スタートアップにとって日本市場は重要。VCも日本からの出資に期待

―日本企業のLPはどれくらいいますか。

 数社いますが、現時点では当社の管理資産の1%以下を占めるのみです。日本ではここ数年で法的な制限が減り、年金機関や保険会社も国外企業に投資できるようになりました。これにより、米国のVCが出資先候補の一つとなり、日本企業の投資活動に変化を感じています。

 当社としても日本企業からの出資に注目しています。そして、今後数年で米国のVCにとって重要な割合を占めていくと期待しています。

―米国のスタートアップにとって日本市場は魅力的ですか。

 法人向けソフトウェア分野において、日本市場は非常に重要です。この分野では、日本市場が企業の収益の7〜10%を占めますから。a16zにも営業、事業開発を支援しているチームがあります。彼らは日本で販売代理店と顧客を開拓するため、投資先のスタートアップとともに日本に行っていますね。

 消費者向け製品やサービス分野では、各国の社会常識や文化の違いが成功に大きく影響します。米国で成功したアプリケーション・ソフトウェアが、日本市場でも成功するとは限りません。こうしたことから、日本市場に進出する消費者向けのアプリケーション・ソフトウェア企業は少ないのが現状です。

起業家はビジョンを語り、人を惹きつける力が必要

―Scottさんが昨年執筆した著書『Secrets of Sand Hill Road: Venture Capital and How to Get It』 についてお聞きします。「VCを惹きつけるにはストーリーテリングが重要」だと書かれていますが、シリコンバレーで資金調達を目指す米国外の起業家に対しても同じことが言えますか。

 まず、ビジョンを語れることが大切です。VCは数十億ドル規模の上場企業に育つ可能性がある会社を求めています。ストーリーテリングの一要素として、何を達成しようとしているのか、最終的にどのくらい大きな規模の企業に育つチャンスがあるかなど、大きなビジョンを伝える力が求められます。
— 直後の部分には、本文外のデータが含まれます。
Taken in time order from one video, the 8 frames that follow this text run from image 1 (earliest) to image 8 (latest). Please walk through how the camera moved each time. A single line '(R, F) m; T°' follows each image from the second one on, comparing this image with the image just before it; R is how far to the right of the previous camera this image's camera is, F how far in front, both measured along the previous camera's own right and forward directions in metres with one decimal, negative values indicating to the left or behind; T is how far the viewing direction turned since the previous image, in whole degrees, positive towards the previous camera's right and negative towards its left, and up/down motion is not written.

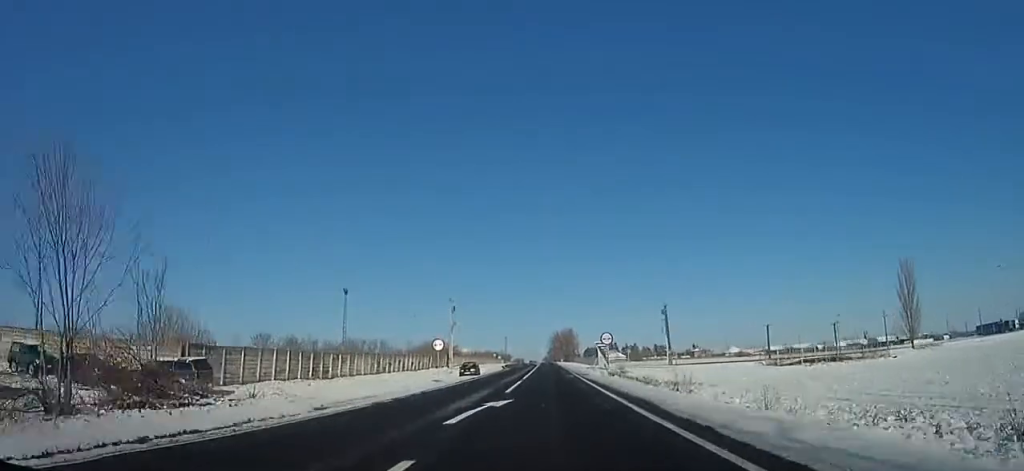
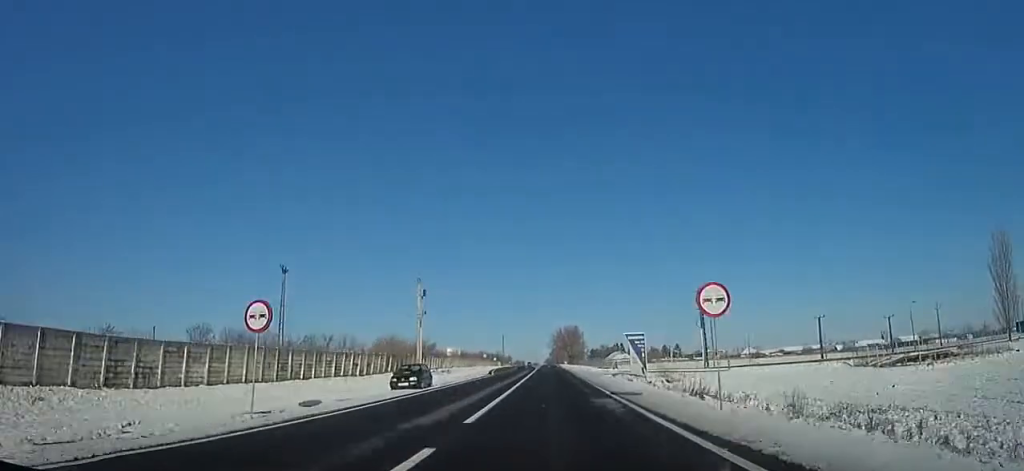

 次に、人を惹きつける力です。シリコンバレーのエコシステムには、非常に激しい競争があります。エンジニアは仕事を選べますし、顧客も選択肢がたくさんあります。その中で選ばれるためには、例えば、実現性が危ぶまれるビジネスであっても、人々が夢中になる要素があること。これが大切です。

 英語圏外の起業家が超えるべき言葉の壁はあるでしょう。しかし、どれだけ上手な英語で話せるか、ということは重要ではありませんね。
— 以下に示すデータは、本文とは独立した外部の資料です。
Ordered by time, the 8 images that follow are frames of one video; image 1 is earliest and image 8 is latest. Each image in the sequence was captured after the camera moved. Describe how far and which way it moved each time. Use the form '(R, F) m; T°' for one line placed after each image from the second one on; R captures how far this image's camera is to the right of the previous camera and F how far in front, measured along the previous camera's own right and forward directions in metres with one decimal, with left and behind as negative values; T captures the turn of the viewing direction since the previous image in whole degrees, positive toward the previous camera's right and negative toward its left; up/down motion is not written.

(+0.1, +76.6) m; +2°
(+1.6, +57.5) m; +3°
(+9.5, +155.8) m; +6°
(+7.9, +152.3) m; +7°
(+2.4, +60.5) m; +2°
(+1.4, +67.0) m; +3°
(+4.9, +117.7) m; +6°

―シリコンバレーのエコシステムに加わりたい米国外の起業家に対してアドバイスをお願いします。

 まずは、目標と中核市場を定めることです。米国の巨大で多様な市場は、進出を考えている方々にとって可能性がある魅力的な市場でしょう。しかし、例えばスタートアップが日本とアメリカで事業を同時展開することは、非常に複雑で難しく、多くのVCはこれをリスク要素とみなすでしょう。リスクを減らすためにも、どこにリソースを集中させるか、地理的にどこの市場にフォーカスするか。こうした判断を早期段階で下すべきです。
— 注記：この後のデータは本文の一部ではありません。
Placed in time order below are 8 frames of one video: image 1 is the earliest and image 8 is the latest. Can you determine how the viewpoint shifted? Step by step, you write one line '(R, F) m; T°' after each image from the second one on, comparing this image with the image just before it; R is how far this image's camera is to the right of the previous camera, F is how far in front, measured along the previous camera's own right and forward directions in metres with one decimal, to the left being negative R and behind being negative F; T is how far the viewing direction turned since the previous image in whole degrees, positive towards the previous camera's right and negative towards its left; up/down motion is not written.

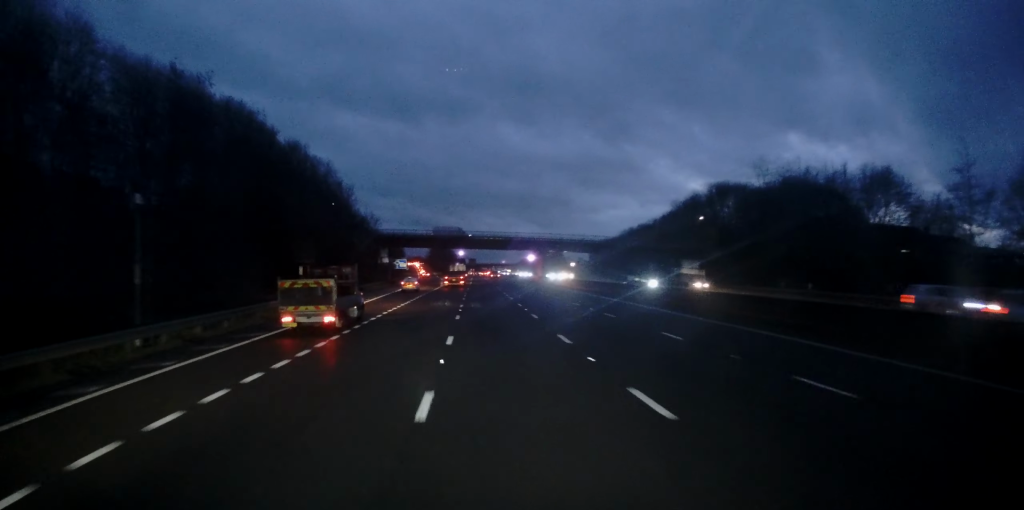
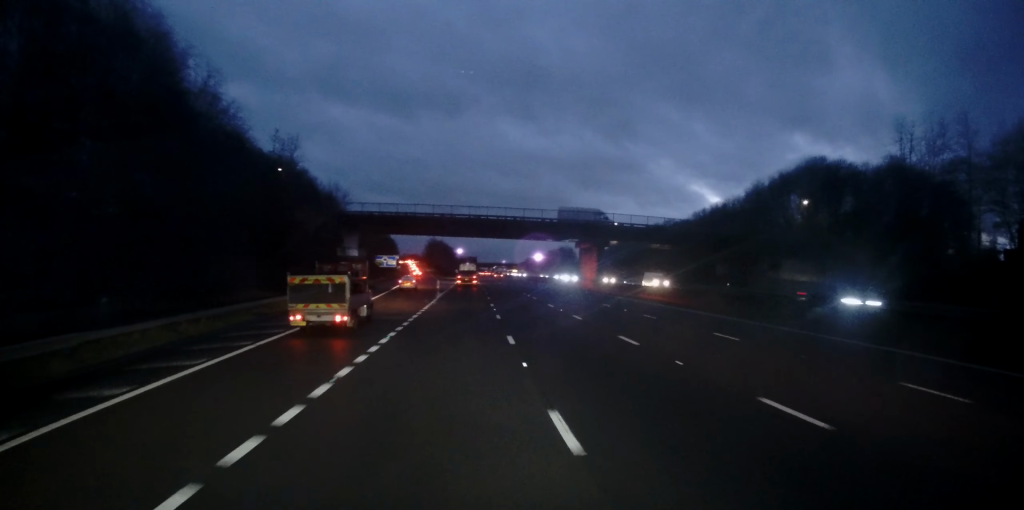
(-0.2, +37.6) m; 0°
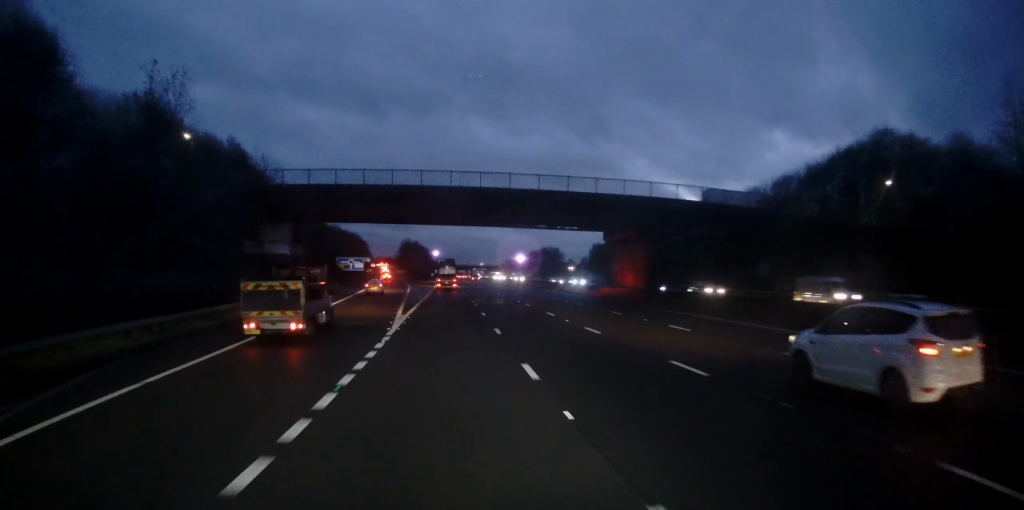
(+0.1, +23.1) m; +1°
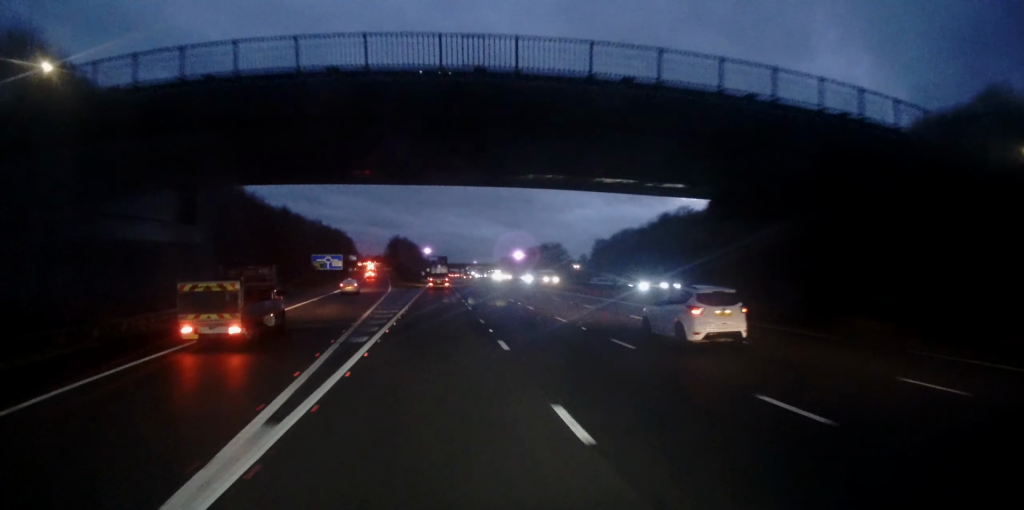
(+0.3, +22.2) m; +1°
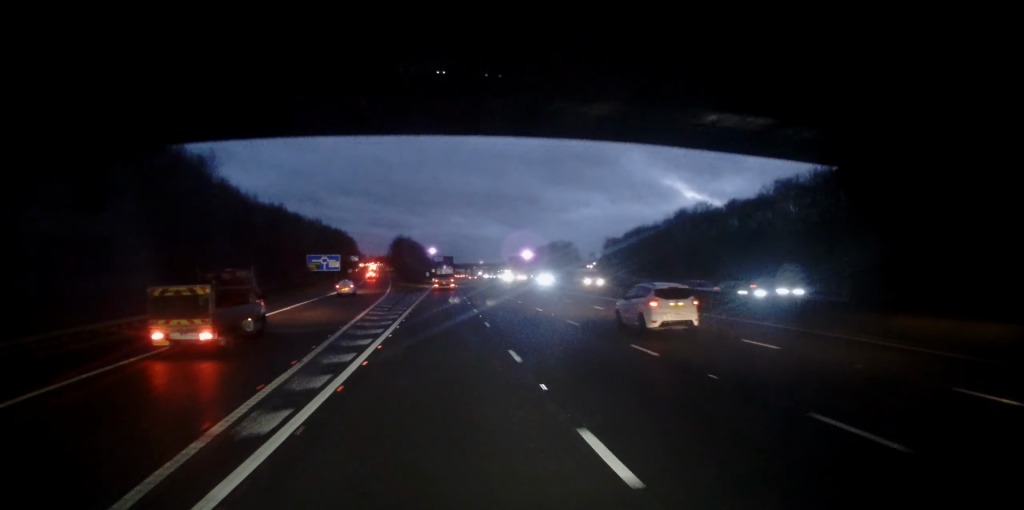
(+0.1, +10.3) m; 0°
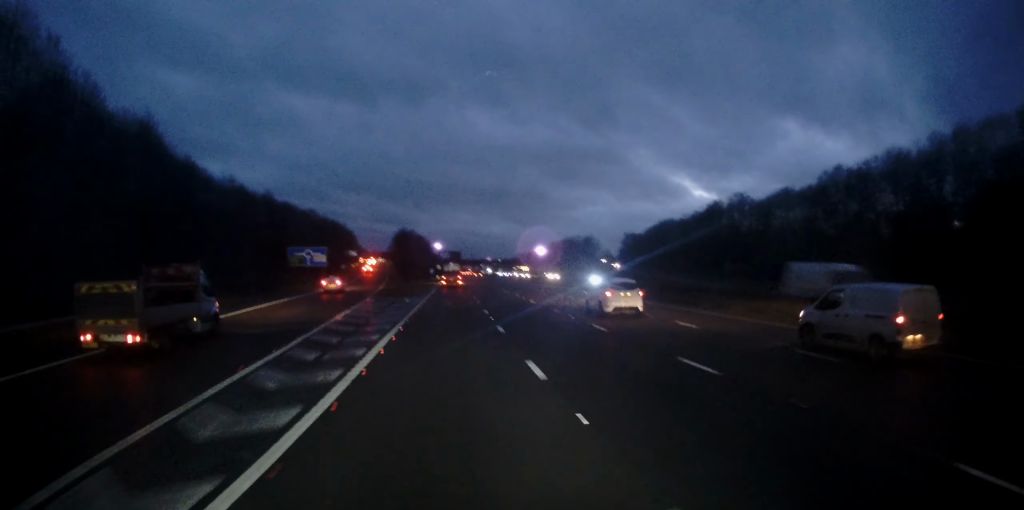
(0.0, +20.5) m; 0°
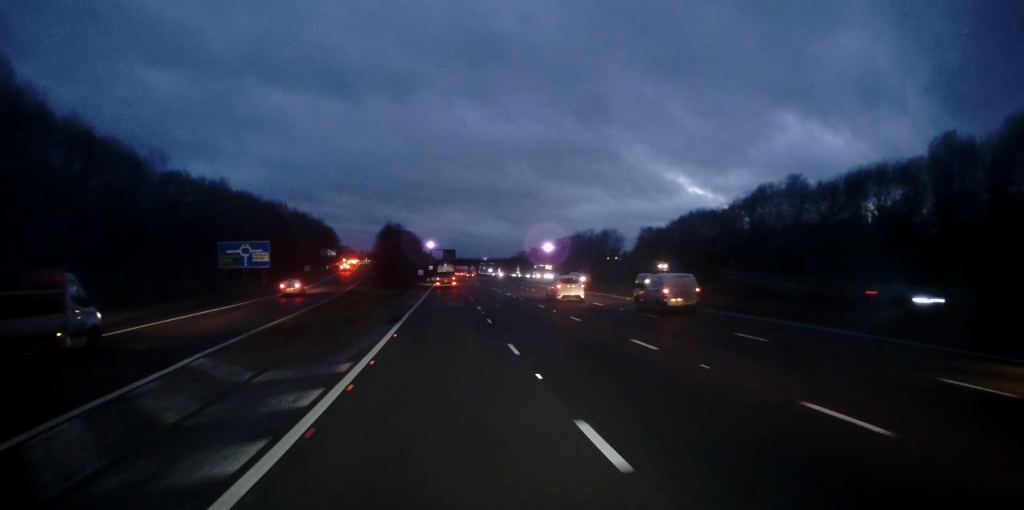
(-0.1, +32.0) m; -1°
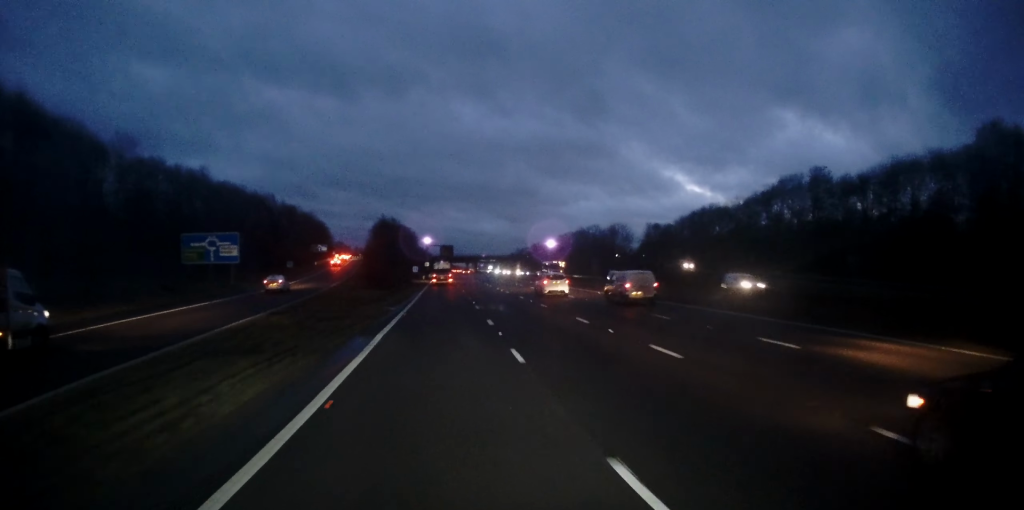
(-0.2, +10.8) m; 0°

―日本企業や日本の起業家に向けてメッセージをお願いします。

 私は20年以上前から日本市場を知っていますが、VCと技術イノベーションのグローバル化が起きていると感じています。

 日本の国内市場は大規模です。そして日本国内における、優秀なエンジニアの多さや、市場機会の大きさを考えると、いま私たちが目にしている以上に起業家を育てるチャンスがあると思います。

 日本の起業家やこれから起業家になろうとしている方が、自分の目の前にあるチャンスを掴むことを願っています。